W tej chwili mieszkańcy wioski zamykają się we własnych domach. Musimy znaleźć
im wspólne pokoje, wspólne przestrzenie. Musimy sprawić, żeby się wzajemnie
poznawali, witali. Rozwinąć rodzaj rodzinnych uczuć. Ten dom nazywamy Europą,
potrzebuje on reform, musi być przygotowany do tej nowej sytuacji w wiosce.
Niecierpliwie potrzebujemy, aby połączył nas nie gniew, ale praktyczne cele, aby
zacząć działać zjednoczonymi siłami. Musimy, na przykład, stworzyć społeczne
standardy dla nas wszystkich, tak jak wszyscy potrzebujemy mieć zagwarantowane
emerytury i ubezpieczenie socjalne. Musimy przeprowadzić reformę systemu
podatkowego. To jedyny sposób, aby poprawić sytuację na rynku pracy. Europejski
Parlament jest skłonny do reform. Nieustannie nawołujemy do tego. Także Komisja
jest po naszej stronie. To Rada jest tym, który pozwala nam stać samotnie.
7
Dlaczego? Ponieważ często, nie mogą powstrzymać pokusy i działają w populistyczny
sposób, zamiast wykazać się odpowiedzialnością.
Zawsze są jakieś wybory, które nadchodzą w jednym z krajów UE. Europa szybko
potrzebuje reform.

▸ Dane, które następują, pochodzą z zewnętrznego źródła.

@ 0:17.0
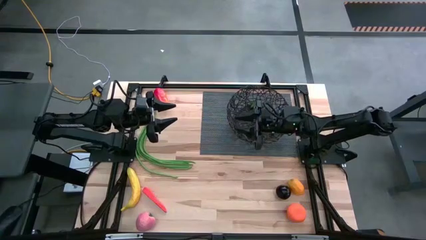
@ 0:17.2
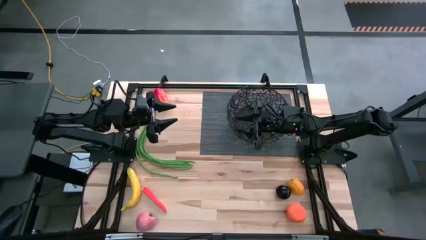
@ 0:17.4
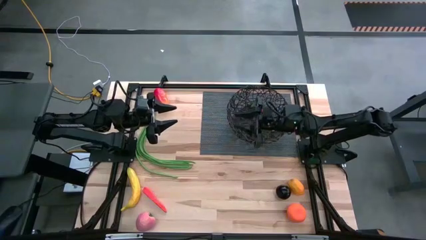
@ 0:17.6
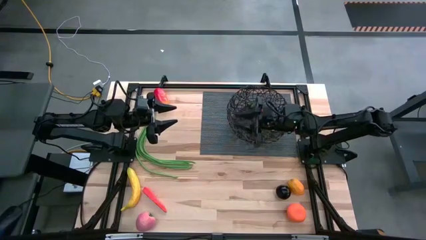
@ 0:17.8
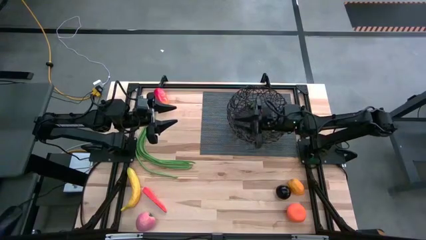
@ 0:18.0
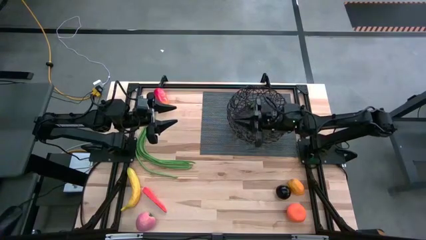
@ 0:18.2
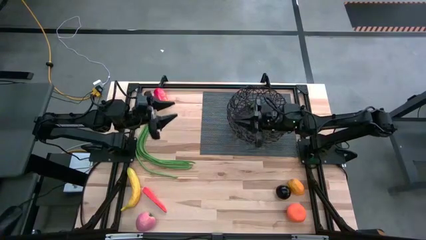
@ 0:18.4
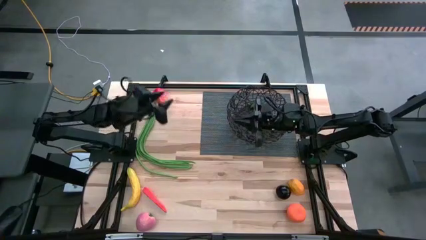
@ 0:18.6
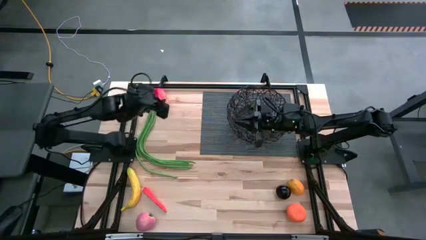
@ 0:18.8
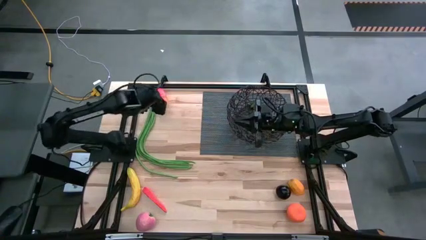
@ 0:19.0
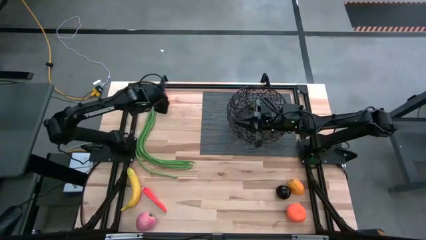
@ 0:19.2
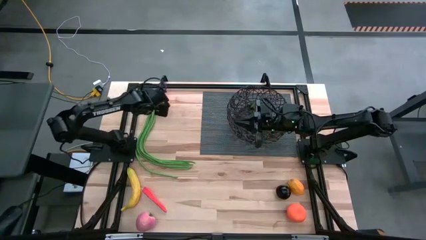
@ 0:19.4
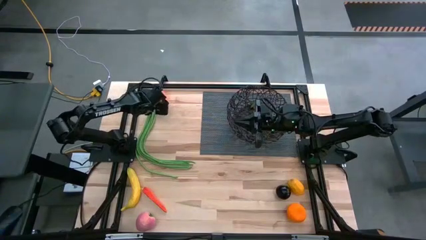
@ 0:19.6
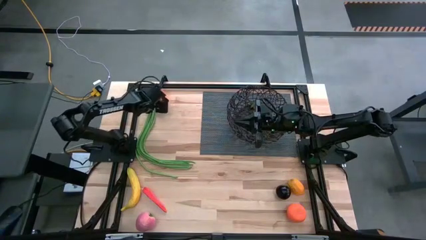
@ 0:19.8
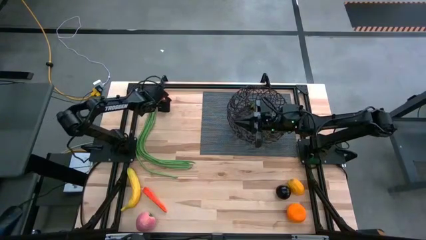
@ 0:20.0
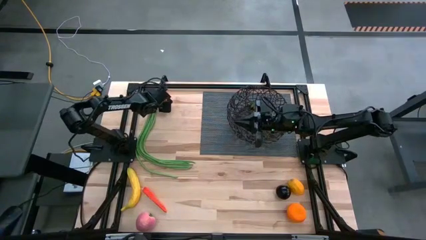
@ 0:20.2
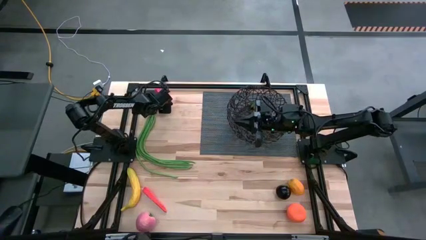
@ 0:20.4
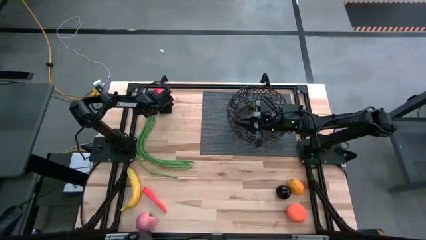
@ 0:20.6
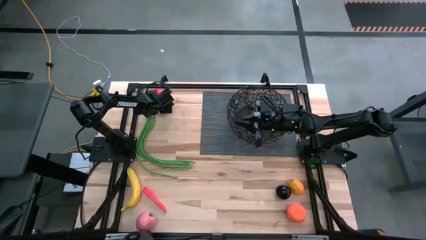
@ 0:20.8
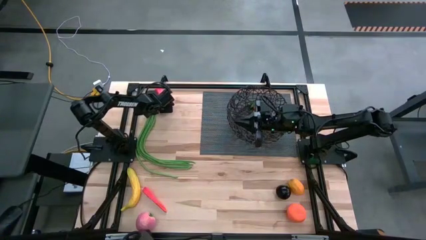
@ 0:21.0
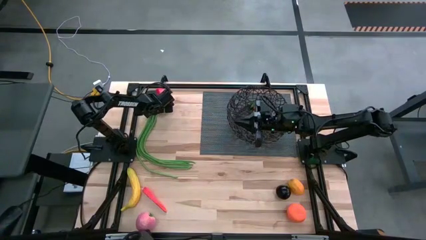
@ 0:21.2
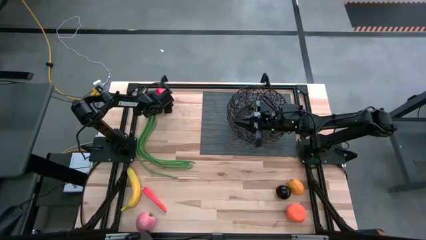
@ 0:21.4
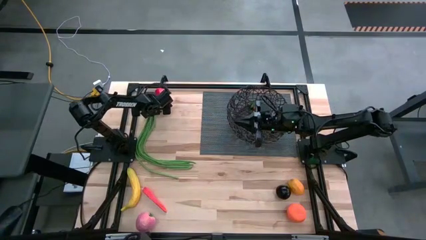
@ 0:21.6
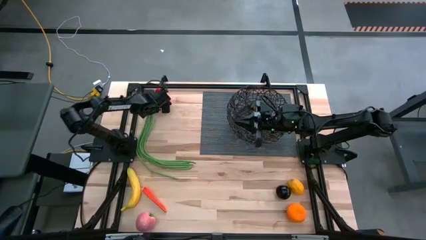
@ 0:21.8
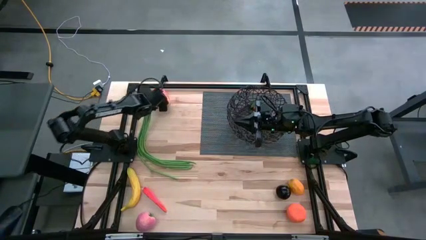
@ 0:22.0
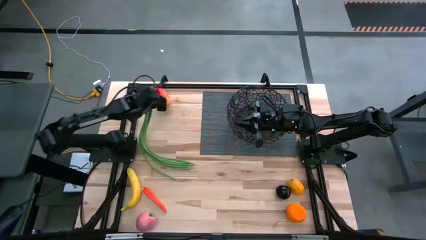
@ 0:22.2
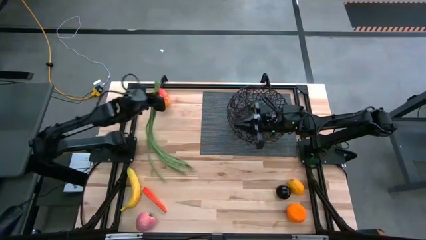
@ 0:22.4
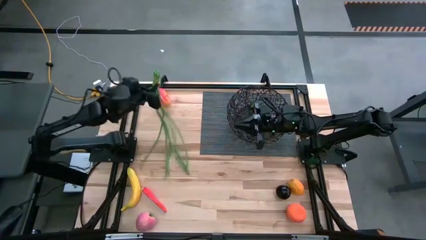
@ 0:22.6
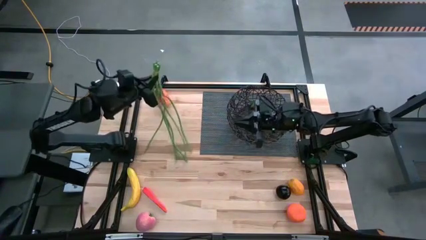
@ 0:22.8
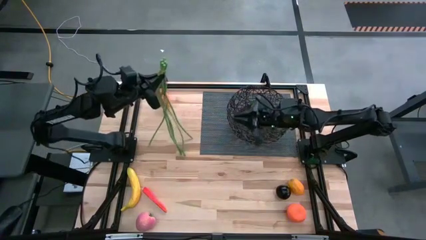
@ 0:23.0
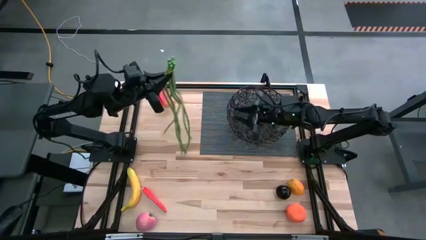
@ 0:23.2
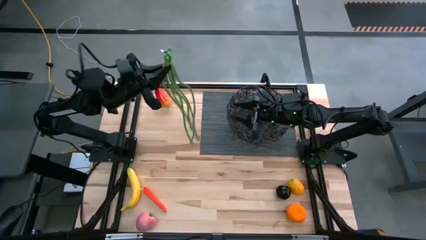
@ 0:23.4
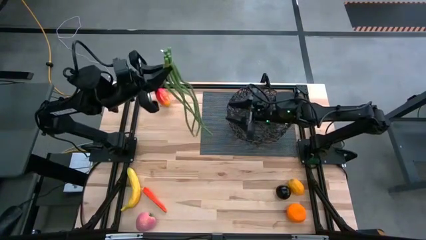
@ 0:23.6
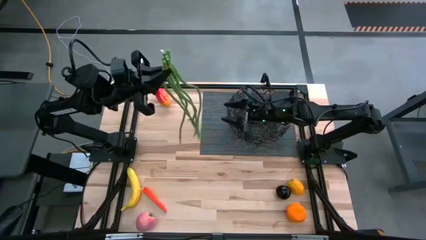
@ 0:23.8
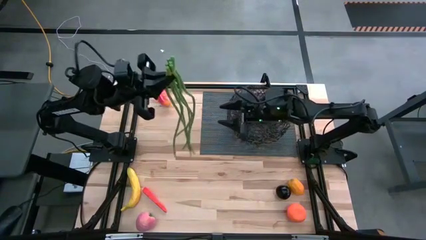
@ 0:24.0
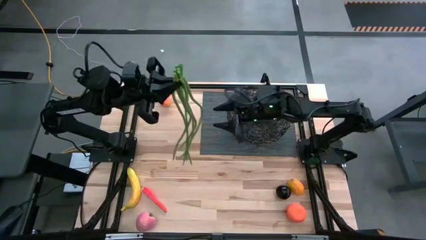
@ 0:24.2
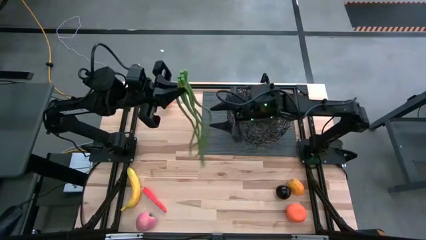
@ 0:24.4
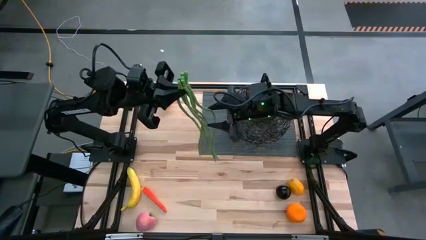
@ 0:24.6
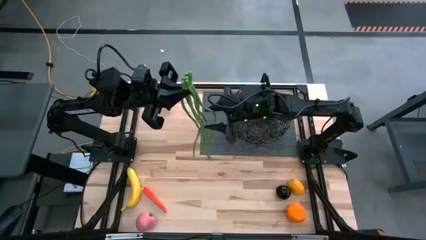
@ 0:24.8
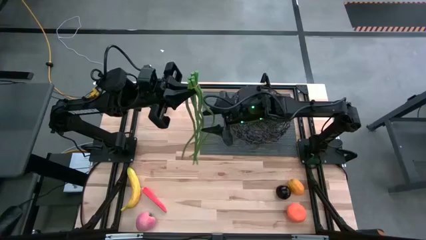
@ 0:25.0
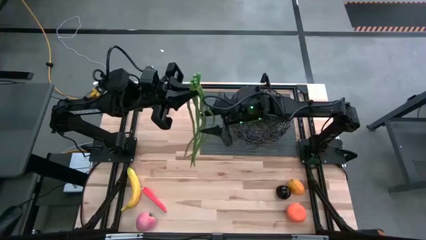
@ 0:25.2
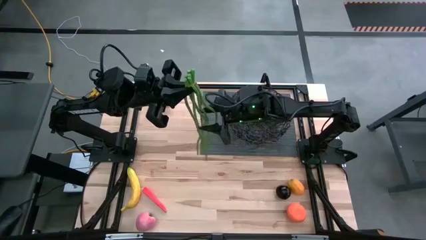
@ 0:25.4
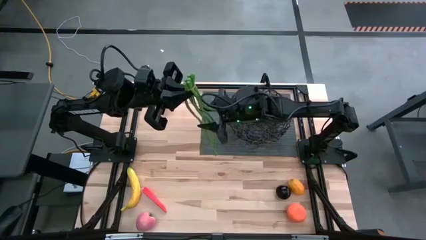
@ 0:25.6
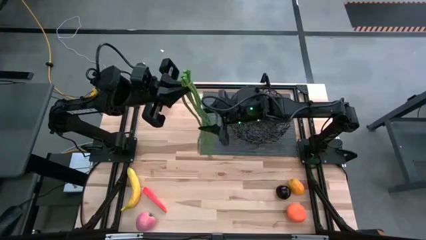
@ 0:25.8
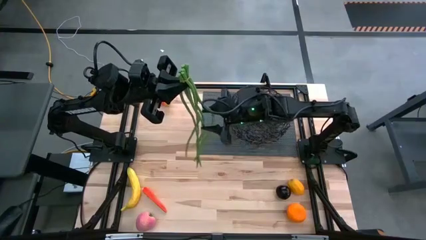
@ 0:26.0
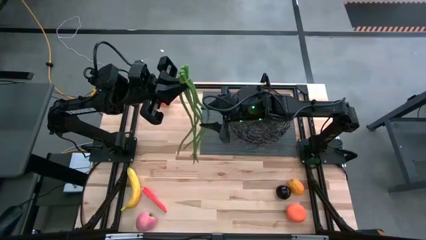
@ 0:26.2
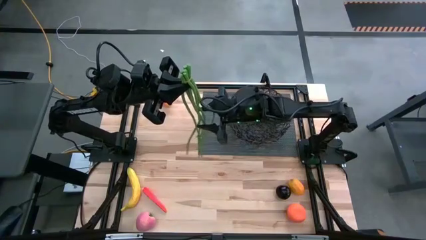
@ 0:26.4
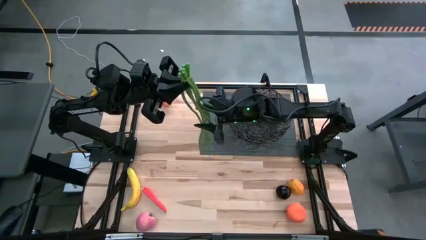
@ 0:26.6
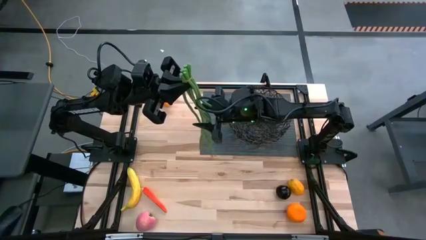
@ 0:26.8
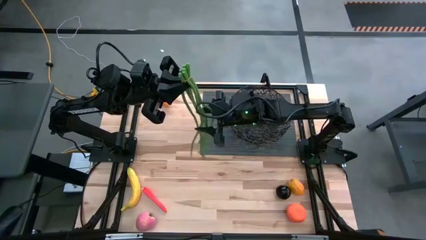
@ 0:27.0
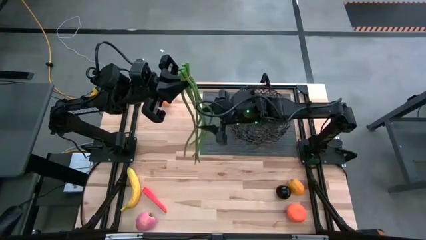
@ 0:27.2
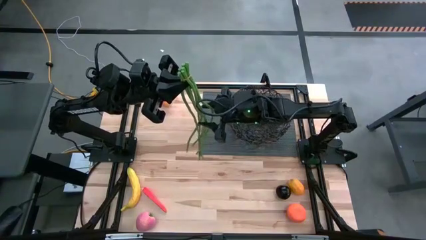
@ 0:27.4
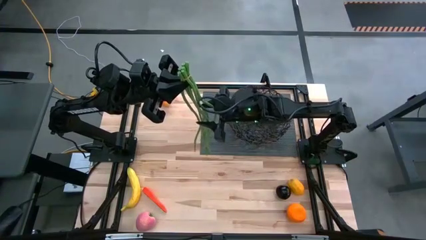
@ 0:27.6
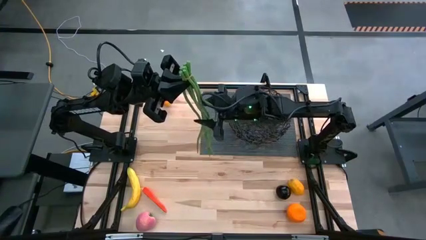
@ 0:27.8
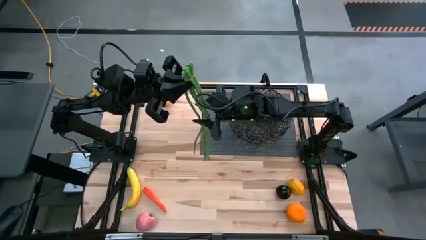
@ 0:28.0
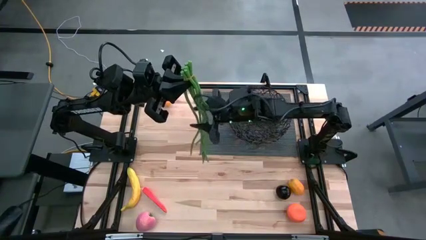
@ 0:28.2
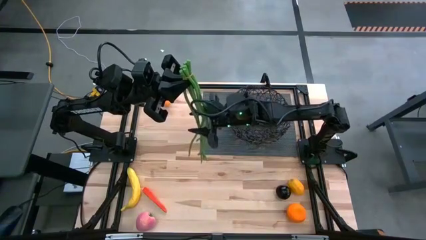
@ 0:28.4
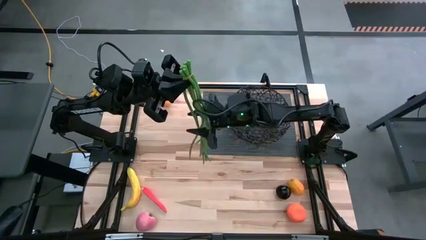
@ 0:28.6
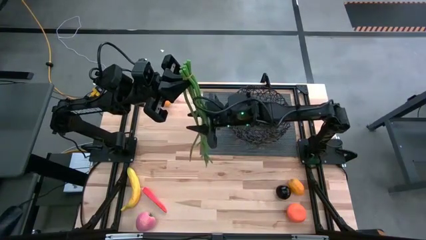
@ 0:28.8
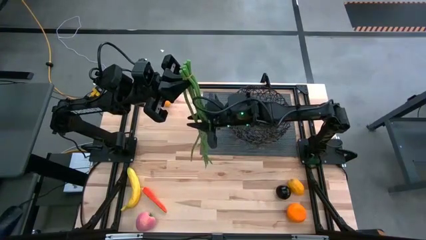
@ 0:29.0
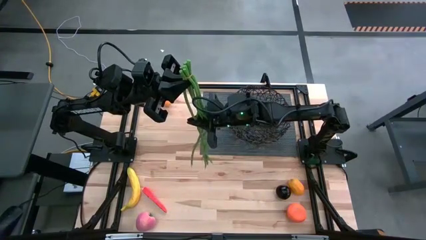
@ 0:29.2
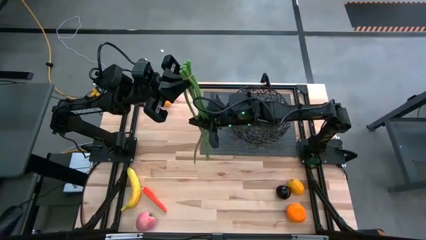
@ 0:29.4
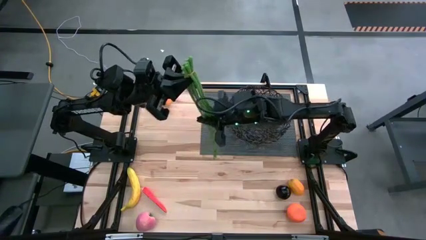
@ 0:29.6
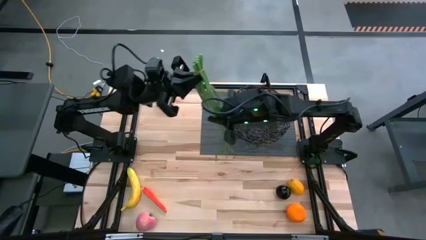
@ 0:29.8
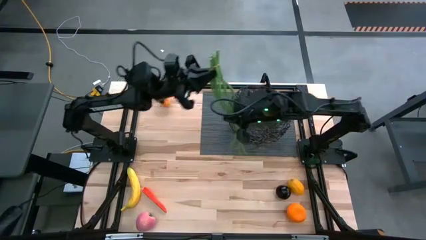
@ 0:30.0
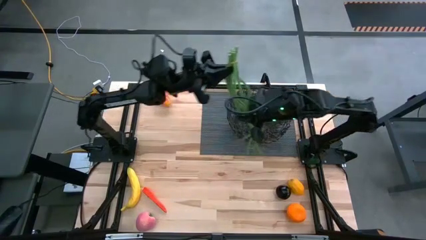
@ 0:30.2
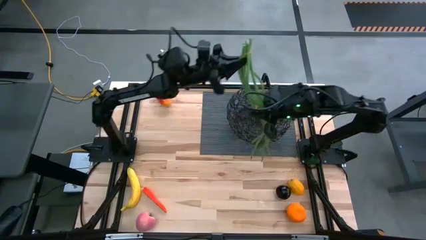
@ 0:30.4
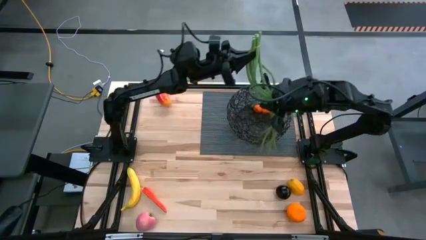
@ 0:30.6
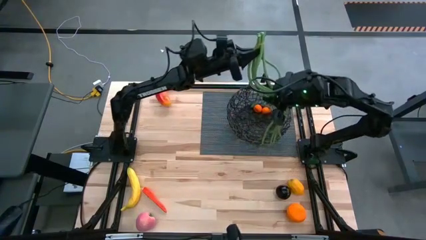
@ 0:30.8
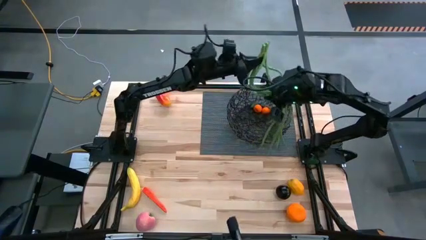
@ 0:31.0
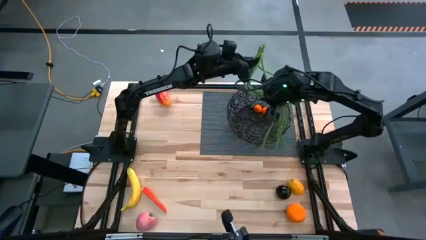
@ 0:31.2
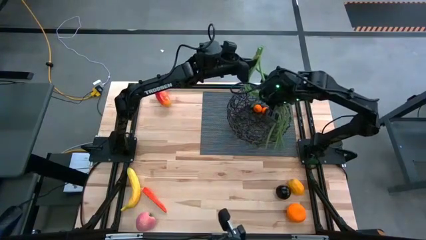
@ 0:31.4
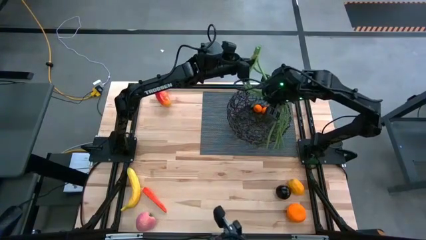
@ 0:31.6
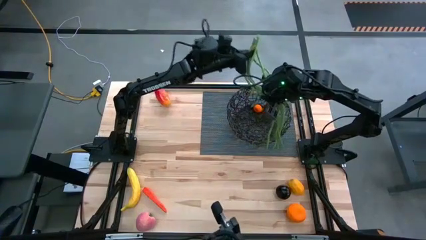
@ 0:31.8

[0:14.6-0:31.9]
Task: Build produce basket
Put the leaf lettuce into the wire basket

Reform, które mogą być początkowo bolesne. Ale tu, w Polsce,
już do tego przywykliście. Tu rzeczy mogą być lepsze. Ale ludzie w innych krajach
członkowskich boją się. Boją się stracić wysokie standardy życia. Ich ekonomia jest w
stagnacji, miejsca pracy znikają, wielkie korporacje przenoszą się do innych krajów z
niższymi pensjami i tam mogą więcej zyskać. Ludzie w Europie boją się siebie
nawzajem, nie ufają sobie.
Nasz rząd, tak jak narodowe media, również nie pomaga w polepszaniu tej sytuacji.
Często używają Europy jako wrogiego celu. UE jest także dobrym wrogiem, dzięki
któremu można wygrać wybory, zupełnie jak Żydzi, Arabowie, Turcy, obcokrajowcy
czy terroryści. Ponieważ UE jest mało znanym domem, czymś bardzo abstrakcyjnym.
Dom z 25 pokojami, gdzie sąsiedzi prawie się nie znają. UE to dom, nieznany dom.